Looking over to the States, these have been a shocking few weeks for POCs, and, as always, black men in particular. It’s nothing isolated to these past few weeks though. Nearly 1000 people are shot dead by the police in the USA, with black people twice as likely to be shot than whites. Breonna Taylor, Eric Garner, Michael Brown, George Floyd – the list of violence is endless. There is, thankfully, so much happening around George Floyd’s brutal murder at the moment. Some of the conversations are brilliant, some are simply white posturing and saviour complexes, and most will amount to basic social media posting that will vanish into timelines in just a couple of weeks.

I am not going to talk so much about George Floyd here, though the whole situation is of course deeply in my thoughts. I am going to say a little bit about the Central Park birdwatching case with Christian Cooper and his idiot accuser Amy Cooper (who annoyingly shares his surname so it’s all a bit confusing).

Here is a short overview of the incident, and him being interviewed about it, on The View –

There’s so much to unpack here, and I physically can’t even begin to climb the mountain of crap that is spewed by Amy Cooper. I’m not going to waste the time going into how insane this woman is because, to be honest, she’s deeply irrelevant. This is not about her and I don’t want to give her any more attention than she has already received. There is something much more powerful at play here than just her nonsense. And that is simply – the fact that she knew she could.

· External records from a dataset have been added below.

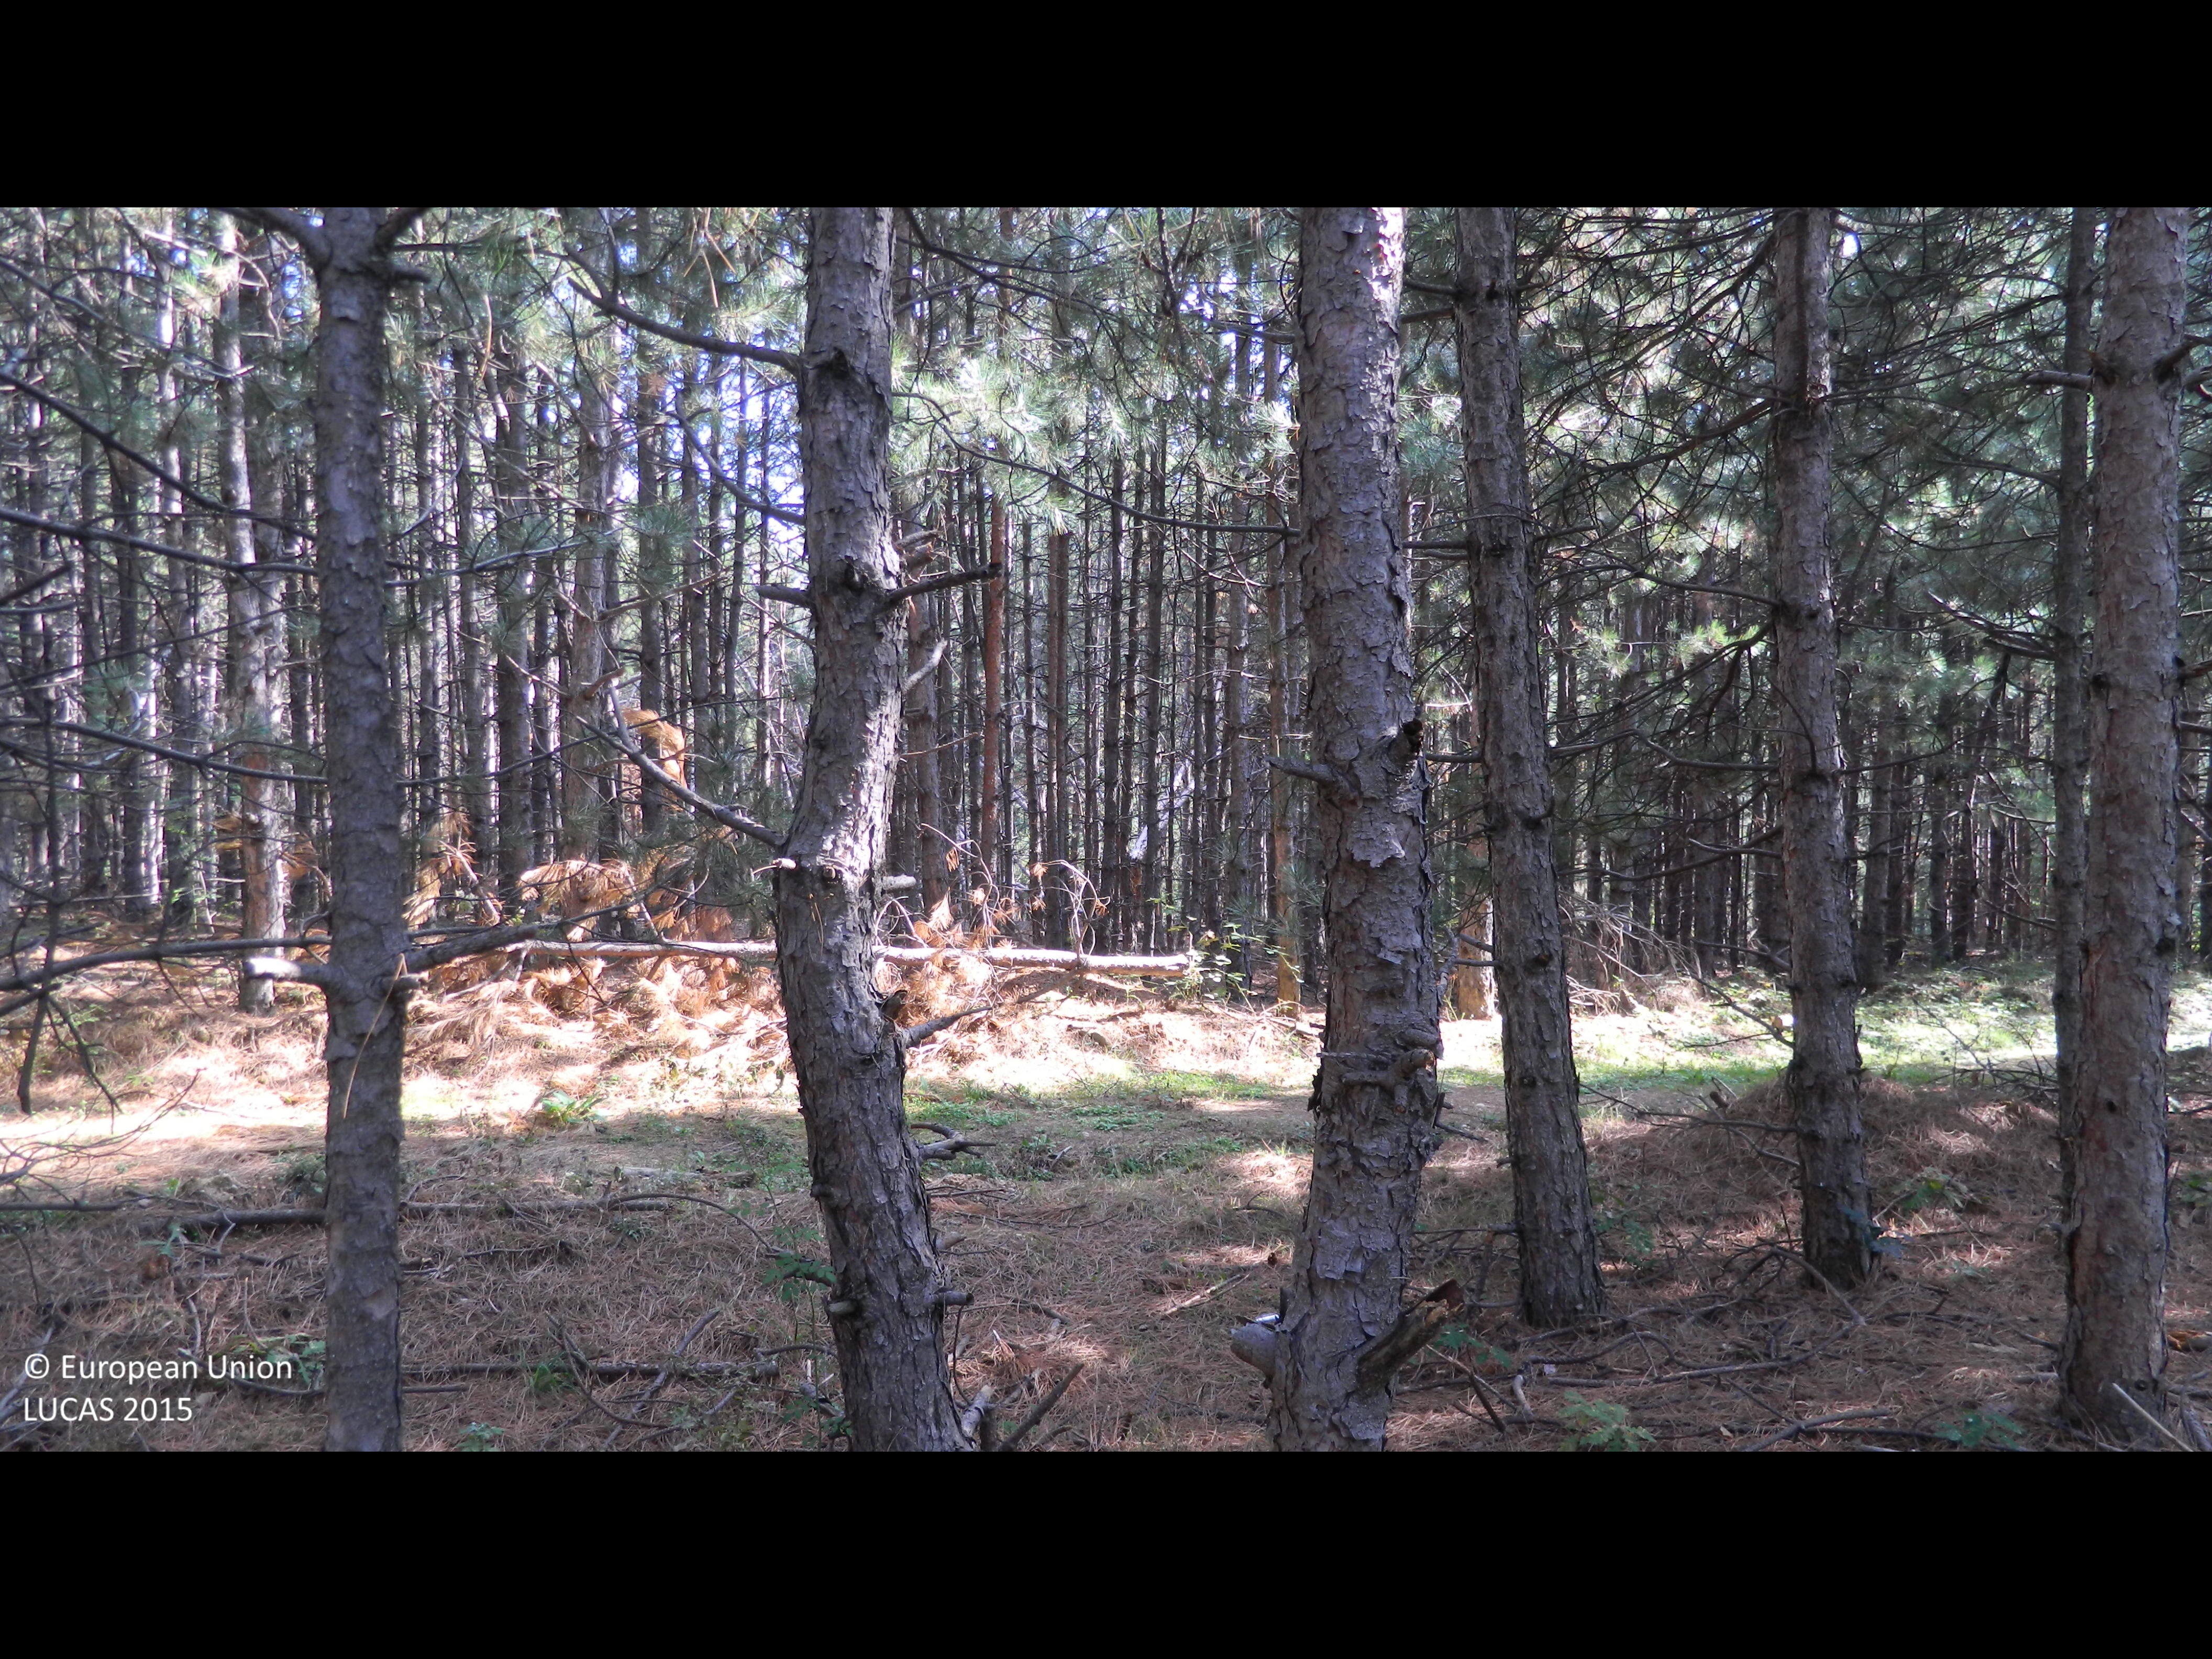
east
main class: Woodland
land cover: Pine dominated coniferous woodland
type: hemiboreal forest and nemoral coniferous forest and mixed broadleaved-coniferous forest
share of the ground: > 75 %
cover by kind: coniferous forest trees 95 %, broadleaved forest trees 5 %
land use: Forestry
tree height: > 5 m
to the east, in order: Pine dominated coniferous woodland; Tracks; Pine dominated coniferous woodland; Grassland without tree/shrub cover; Pine dominated coniferous woodland; Pine dominated mixed woodland; Rivers and streams; Broadleaved woodland
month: October
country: BG
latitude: 41.7948
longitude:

This woman was in the wrong. As the interview above notes, it was an area kept for bird watchers in which dogs were to be kept on a lead. There was a park, across the way, for her to walk her dog; but, she felt it was unsafe, so she knowingly broke that rule to keep her dog of the lead in the incorrect area. She was wrong, she knew she was wrong, but she didn’t care.

Instead, she knew that if she called the police, and said the words ‘African American’ and ‘threatening’ enough times, that she’d be okay. She knew that if she dipped into those stereotypes, if she used the power of the inherent racism and deep discrimination in her society, against a man who fits said stereotypes, she could get away with it. She didn’t try to argue with him much about why she could break the rules (no doubt another example of privilege) or why Christian Cooper could have been wrong. No. She knew that systemic racism was going to be on her side if she used the cops and made his blackness clear.

In this instance, it was okay, and he survived. But all that is coming to light in these dark times, both in the USA and here, is how deep that racism still lies and lives (Please read this article discussing Britain’s equally despicable track record). The most frightening thing here is not her absolutely ridiculous response, but her knowledge of the extreme racism in her society, and her willingness to use it, even when she was wrong.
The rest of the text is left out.